ATENÇÃO

Tenho como obrigação dizer que todos os personagens e a maioria dos lugares citados são ficticios e qualquer semelhança com parentes, amigos ou conhecidos vivos ou mortos é mera coincidencia.

Devo avisar também que os textos podem conter descrição de sexo e/ou violência não recomendados para menores de 16 anos.

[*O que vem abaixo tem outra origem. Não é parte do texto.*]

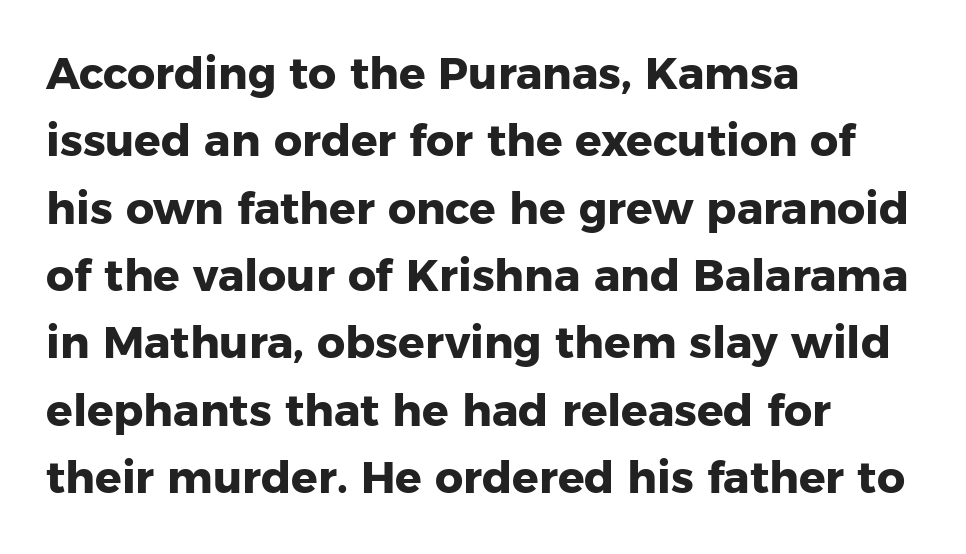
The image shows 44 px heavy sans-serif type, upright; set left-aligned, normal line spacing (1.53x), normal letter spacing, not underlined; low stroke contrast and a medium x-height.
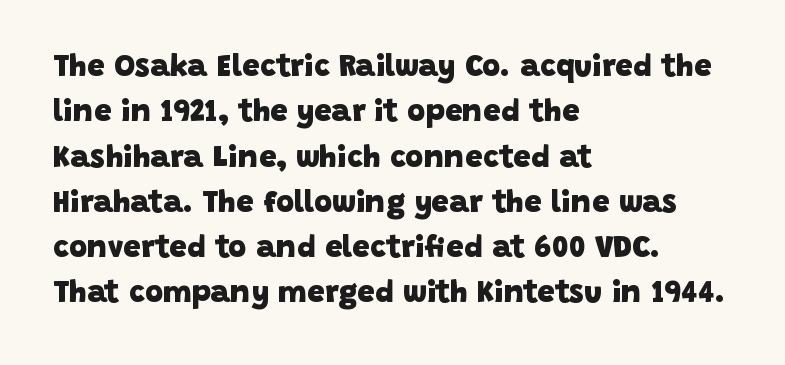
{"serif": "no", "bold": "yes", "weight": "heavy", "width": "normal", "stroke_contrast": "low", "x_height": "large", "monospaced": "no", "underline": "no", "align": "left", "line_spacing": "normal", "line_spacing_ratio": 1.46, "letter_spacing": "normal", "letter_spacing_em": 0.0, "glyph_px": 31}

Você não é obrigado a ler isso!

sábado, 23 de agosto de 2008

Anjos Também Pecam


Era noite de lua cheia, acabara de anoitecer, 19h45min, a lua iluminava pouco as ruas de Londres pelo fato de ter nuvens ao céu noturno cobrindo parte do próprio inclusive a lua, as ruas estavam molhadas e úmidas pela chuva que passara à cerca de uma hora. O vento, frio e cortante como a lâmina de uma navalha, levava as nuvens ao longo do céu. Acima da cabeça das pessoas, alto, no telhado de uma capela, estava uma mulher de estatura média com idade próxima aos 27 anos, boca e cabelos vermelhos como sangue derramado, olhos de um límpido verde como água, seu rosto, claro e definido delicadamente, eram enfeitados por algumas sardas. Vestia roupas apertadas de couro negro, um sobretudo justo protegendo-a da chuva que passara. Estava nas ruas a algum tempo.

As ruas já estavam vazias, ao menos por ali. Quase ninguém se arriscava a sair à noite pelos assassinatos estranhos que estavam acontecendo pelas redondezas. Assim ninguém percebeu quando ela se atirou de 70 metros de altura e aterrissou sem receber danos e saindo andando. Estava observando, indagando, analisando as ruas a procura de algo... ou alguém.

Após cerca de 20 minutos de caminhada às ruas úmidas e molhadas, virou a direita em uma porta clareada por uma lâmpada e abaixo dela podia-se ler as palavras:

BAR DO JOEY

Olhou para cima lendo novamente a placa que já conhecia e abrindo a porta que segurava pela mão esquerda encostando-a na parede de dentro forçando-a a fixar-se nela e em seguida entrando no estabelecimento. O bar era pequeno e possuía apenas uma meia dúzia de mesas e algumas poucas cadeiras fixas frente ao balcão. Não havia ninguém, sentou-se a uma das cadeiras fixas e olhou ao seu redor, quando a porta do lado esquerdo do outro lado do balcão abriu. Veio saindo da porta um homem alto, cabelos longos e negros como noite, de pele morena clara, olhos castanho claro como o mel, roupas escuras. Assustou-se ao vê-la sentada ali.

- Uou, já chegou Anny!? Como de costume não?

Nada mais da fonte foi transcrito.